O senhor sofreu algum tipo de ação intimidatória após as revelações que fez? Atacaram
minha esposa e estão confeccionando e divulgando dossiês contra ela com
informações absolutamente falsas. Ela nunca fez nada de errado. Nem eu
nem ela fizemos nada de errado. Esses mesmos métodos de intimidação
foram usados lá trás, durante a Lava-Jato, quando o investigado e
processado era o ex-presidente Lula.
“NUNCA FOI MINHA INTENÇÃO SER ALGOZ DO PRESIDENTE”
Depois das denúncias de Moro, o Supremo Tribunal Federal determinou
que fosse aberto um inquérito para apurar se o presidente tentou de fato
aparelhar a PF para fins políticos. Em seu parecer, o procurador-geral
da República, Augusto Aras, pediu que também fossem investigados os
crimes de denunciação caluniosa e contra a honra — ilícitos que, em
tese, podem ter sido praticados por Moro:
“Entendi que a requisição de abertura desse inquérito que me aponta
como possível responsável por calúnia e denunciação caluniosa foi
intimidatória. Dito isso, quero afirmar que estou à disposição das
autoridades. Os ataques mais virulentos vieram principalmente por redes
virtuais. Não tenho medo de ofensa na internet, não. Me desagrada e tal,
mas se alguém acha que vai me intimidar contando inverdades a meu
respeito no WhatsApp ou na internet está muito enganado sobre minha
natureza”.
O senhor recebeu mais críticas ou apoios por se demitir do cargo e acusar o presidente? A opinião pública compreendeu o que eu disse e os motivos da minha fala. É importante deixar muito claro: nunca foi minha intenção ser algoz do presidente ou prejudicar o governo. Na verdade, lamentei extremamente o fato de ter de adotar essa posição. O que eu fiz e entendi que era minha obrigação foi sair do governo e explicar por que estava saindo. Essa é a verdade.

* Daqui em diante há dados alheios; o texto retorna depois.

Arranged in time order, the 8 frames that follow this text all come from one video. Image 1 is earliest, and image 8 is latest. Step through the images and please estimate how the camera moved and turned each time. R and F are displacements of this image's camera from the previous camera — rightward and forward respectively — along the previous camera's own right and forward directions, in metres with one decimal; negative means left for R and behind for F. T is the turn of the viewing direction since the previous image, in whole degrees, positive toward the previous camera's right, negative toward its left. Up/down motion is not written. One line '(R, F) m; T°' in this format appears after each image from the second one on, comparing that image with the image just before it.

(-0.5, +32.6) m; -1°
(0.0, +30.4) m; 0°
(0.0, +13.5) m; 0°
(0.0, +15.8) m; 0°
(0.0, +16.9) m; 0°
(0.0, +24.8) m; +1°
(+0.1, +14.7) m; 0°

Qual é hoje a sua opinião sobre o presidente Bolsonaro?
Pessoalmente, gosto dele. No governo, acho que há vários ministros
competentes e técnicos. O fato de eu ter saído do governo não implica
qualquer demérito em relação a eles. Fico até triste porque considero
vários deles pessoas competentes e qualificadas, em especial o ministro
da Economia. Espero que o governo seja bem-sucedido. É o que o país
espera, no fundo. Quem sabe a minha saída possa fomentar um compromisso
maior do governo com o combate à corrupção.

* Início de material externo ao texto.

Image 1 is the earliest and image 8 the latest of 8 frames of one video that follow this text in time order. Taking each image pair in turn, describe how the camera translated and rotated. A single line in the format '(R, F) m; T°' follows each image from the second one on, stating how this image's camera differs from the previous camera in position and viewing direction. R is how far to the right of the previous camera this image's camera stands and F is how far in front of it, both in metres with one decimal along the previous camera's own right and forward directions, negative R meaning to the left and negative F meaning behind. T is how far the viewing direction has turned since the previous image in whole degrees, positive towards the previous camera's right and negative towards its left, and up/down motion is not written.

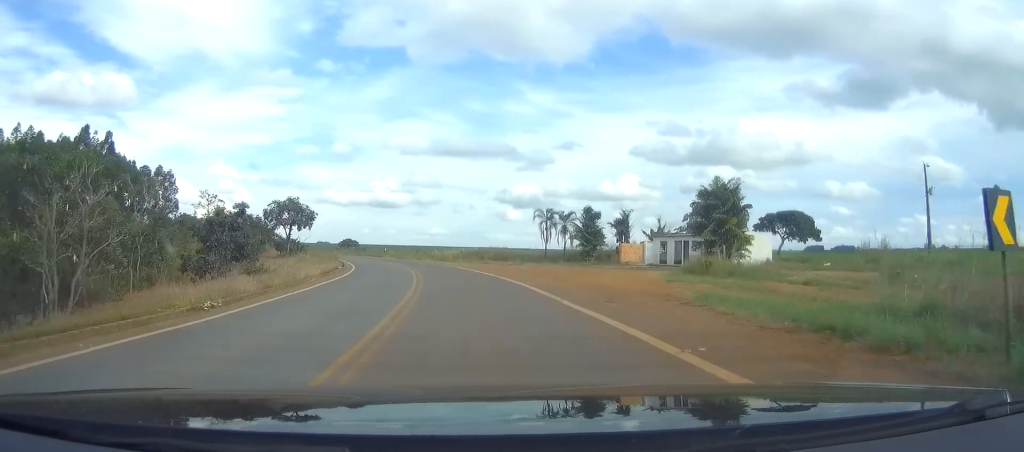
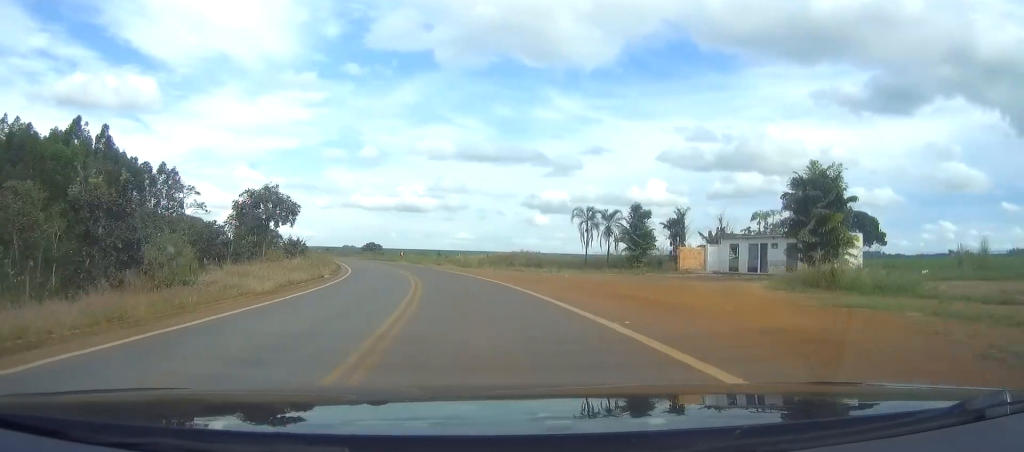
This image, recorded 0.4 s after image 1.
(0.0, +12.0) m; 0°
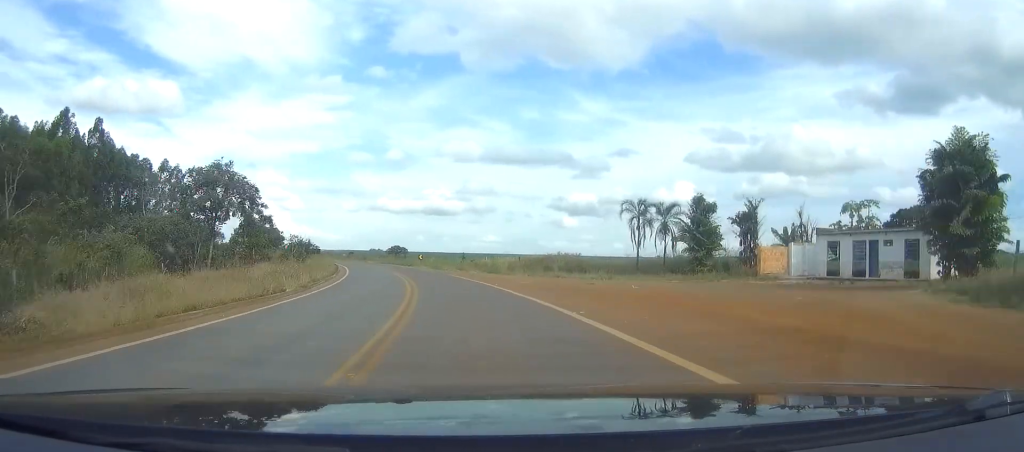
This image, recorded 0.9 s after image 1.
(0.0, +12.0) m; 0°
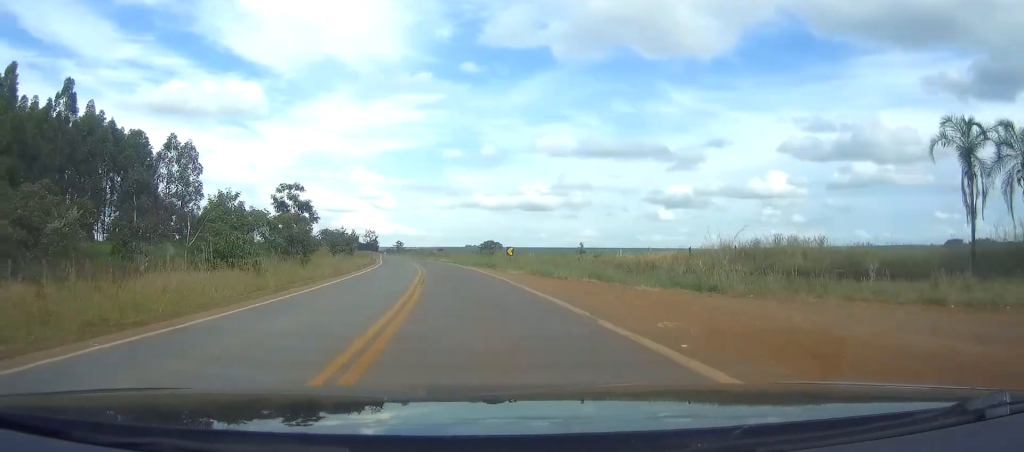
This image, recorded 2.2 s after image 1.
(0.0, +36.4) m; 0°
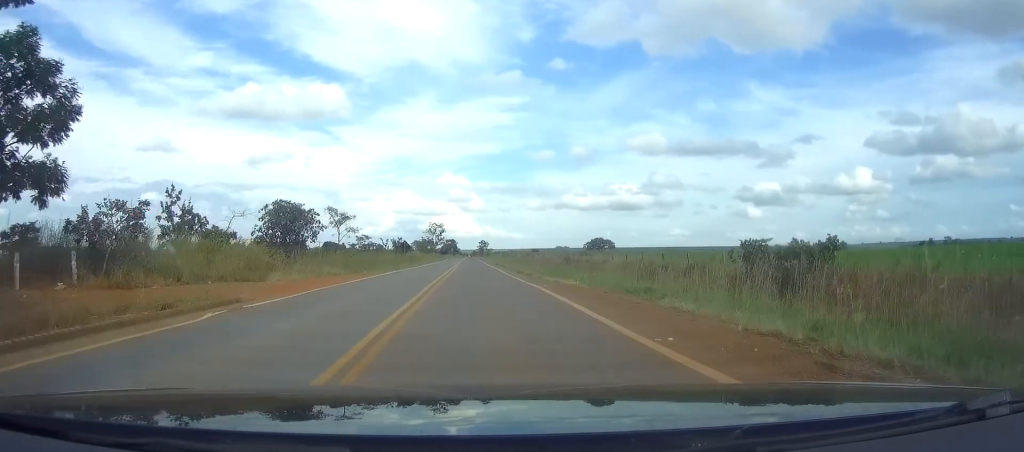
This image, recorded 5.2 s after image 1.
(+0.1, +87.0) m; 0°
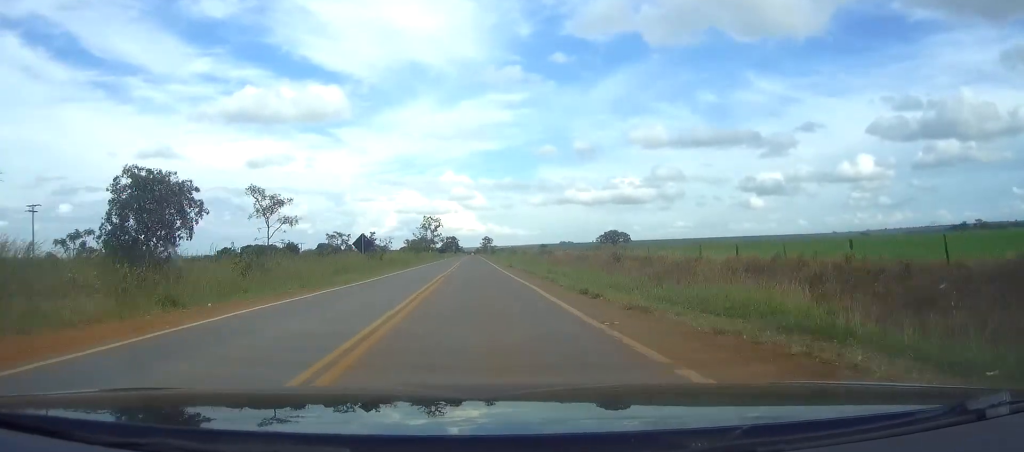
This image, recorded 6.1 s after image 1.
(0.0, +27.5) m; 0°
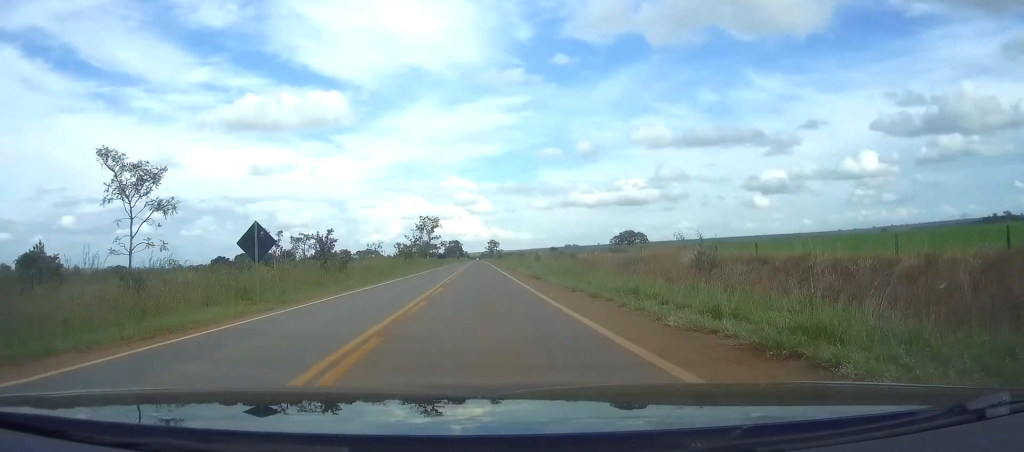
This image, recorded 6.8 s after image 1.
(0.0, +22.1) m; 0°
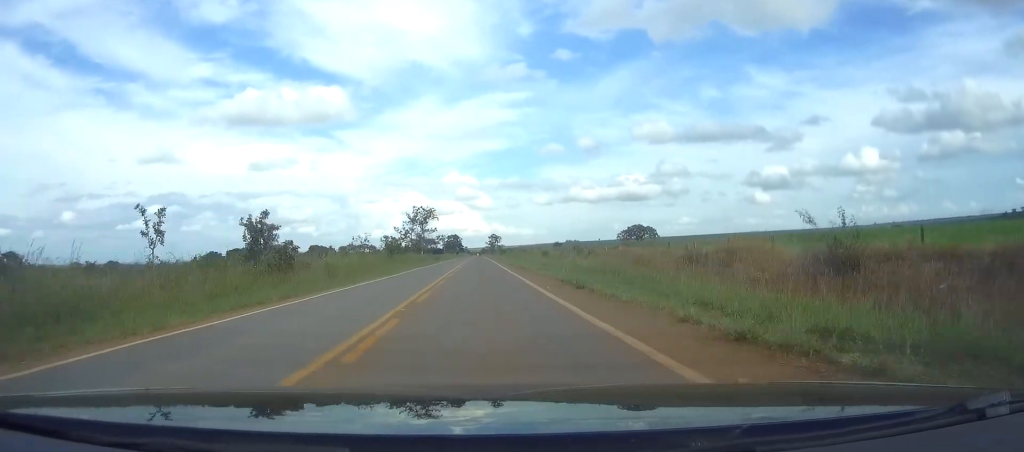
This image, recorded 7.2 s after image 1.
(0.0, +14.9) m; 0°

“NÃO QUERO PENSAR EM POLÍTICA NESTE MOMENTO”
Em todas as grandes manifestações dos apoiadores do presidente, a
figura do ex-ministro da Justiça sempre ocupou lugar de destaque. Após
sua demissão, ele passou a ser tratado nas redes sociais como traidor e
oportunista que estaria tirando proveito político em um momento de
fragilidade do governo:
“Lamento ter de externar as razões da minha saída do governo durante
esta pandemia. O foco tem de ser realmente o combate à pandemia. Estou
dando entrevista aqui porque tenho sido sucessivamente atacado pelas
redes sociais e pelo próprio presidente. Hoje mesmo, quarta, ele acabou
de dar declarações, ontem deu declarações. Venho sendo atacado também
por parte das pessoas que o apoiam politicamente. Tudo o que estou
fazendo é responder a essas agressões, às inverdades, às tentativas de
atingir minha reputação”.
O que o senhor pretende fazer a partir de agora? Estou num
período de quarentena. Tive 22 anos de magistratura. Deixei minha
carreira com base em uma promessa não cumprida de que eu teria apoio
nessas políticas de combate à corrupção. Isso foi um compromisso
descumprido. Não posso voltar para a magistratura. Eu me encontro, no
momento, desempregado, sem aposentadoria. Tudo bem, tem gente em
situação muito mais difícil que a minha. Não quero aqui ficar reclamando
de nada. Pedi a quarentena para ter um sustento durante algum tempo e
me reposicionar, provavelmente no setor privado.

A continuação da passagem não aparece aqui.